観艦式のスケジュールは訓練展示が始まっており、「いずも」から見ると訓練を見せている海自艦艇の背後に回り込んだ「レーガン」が必ず入り込む位置関係となっていた。これで、世界各国から取材のため訪れた外国人カメラマンや記者のカメラやビデオ、スマホには必ず写り込むことになった。
予定外の「レーガン」は国際観艦式に事実上参加している状態である。
ちなみに観艦式前後の横須賀港に「レーガン」が入港している姿はなく、つまり国際観艦式の現場海域にどこかから直接現れ、その外周を旋回航行したのち、どこかに向け走り去った。
マリントラフィックなど「AIS(自動船舶識別装置)」の位置情報を閲覧、追跡できていたなら面白かっただろう。
これはどういうことか。「いずも」の飛行甲板で海自方面から聞こえてきたのは『(レーガンは)たまたま近くにいたから寄ったのでは?』といったコメントだ。
これ、笑えるような笑えないような……米空母が航行中に『なんかイベントやってるから寄ってくか』など、考えにくい。

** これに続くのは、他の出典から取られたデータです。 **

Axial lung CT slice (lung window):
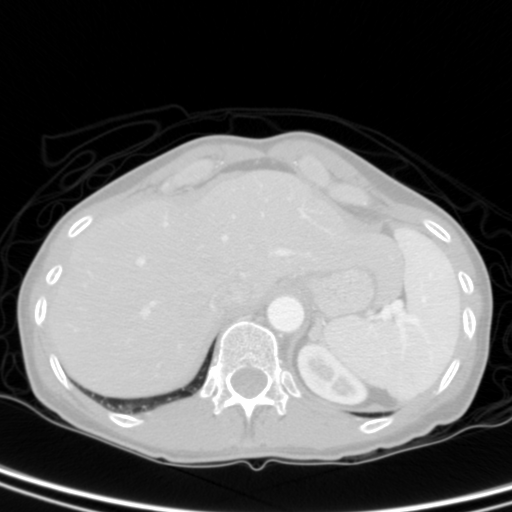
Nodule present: no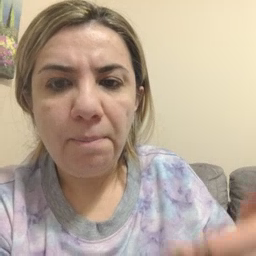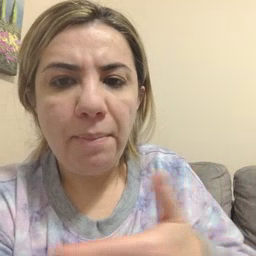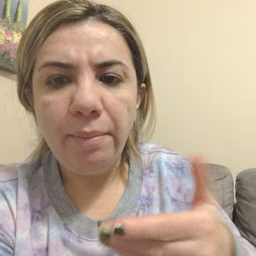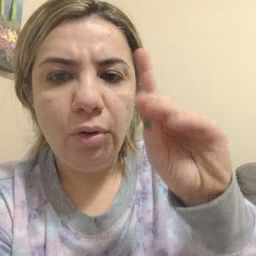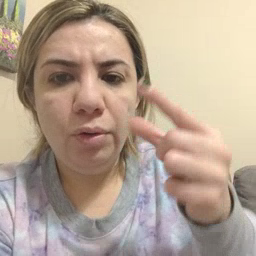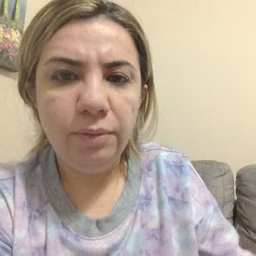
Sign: puppy
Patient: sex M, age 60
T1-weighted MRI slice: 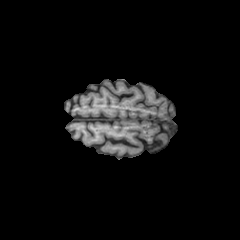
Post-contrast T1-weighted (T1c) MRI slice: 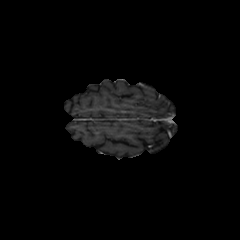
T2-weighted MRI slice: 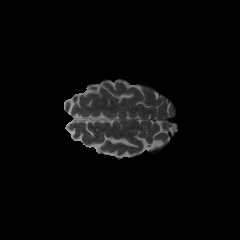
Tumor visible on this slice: no
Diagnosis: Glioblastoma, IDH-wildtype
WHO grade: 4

事前の調整はあったと考えるのが常識的、海自の先導艦がいたことがその証ではないか。仮に『寄ってく?』だとして、巨大艦が混雑する海域へ気ままな思いつきで進入するなど、咄嗟のダンドリでは行なえないだろう。海上交通管理当局も許さないと思うし……つまりは『察してネ』ということか。
この事態に速報系の記者たちが書く記事や事後の記事には「米空母サプライズ参加」などのキャッチフレーズの踊るものが散見された。しかし実態はサプライズなどではなく、海自の、そして日米間の周到な準備があったとみるのが妥当だ。
現在では国際親善・国際協調の機会
観艦式はその国の海軍の威容を見せつける場として始まったという。それが近年では国際的な親善の場、平和を求める国際協調の機会としての機能が重視されている。国際的な公の場としては独断専行のような行動はマナー違反で慎むべきこととされているとも聞く。
飛行甲板に艦載機をズラリと並べた状態での米空母の「突然参加」は、中国とロシア、北朝鮮に対する牽制や誇示だと筆者は思う。なにかを企てようとする相手には米空母を送るというマッチョな方法論は健在だ。そしてその用意はあると海自の国際観艦式を通じて発信させたことになる。
仮に、その方法論を観艦式で行なうのがマナー違反なのだとしても、我が国や諸外国はそれを許容したことになる。戦争抑止力の考えだ。
今回の国際観艦式に参加した諸外国を挙げると、アメリカ、オーストラリア、ブルネイ、カナダ、インド、インドネシア、マレーシア、ニュージーランド、韓国、パキスタン、シンガポール、タイの12ヵ国。
現在の世界的な安全保障で重視されるインド太平洋地域が網羅されている。これらの国々から18隻が参加した。
欧州からは、たとえばイギリスは人員を参加させ、フランスは人員と航空機を1機参加させている。
これらの国々が協調してウクライナ戦時下に、ロシアや中国、北朝鮮などに野心を放棄させ平和を求める具体的な意志を見せる場として、国際観艦式を演出したのだと感じた1日だった。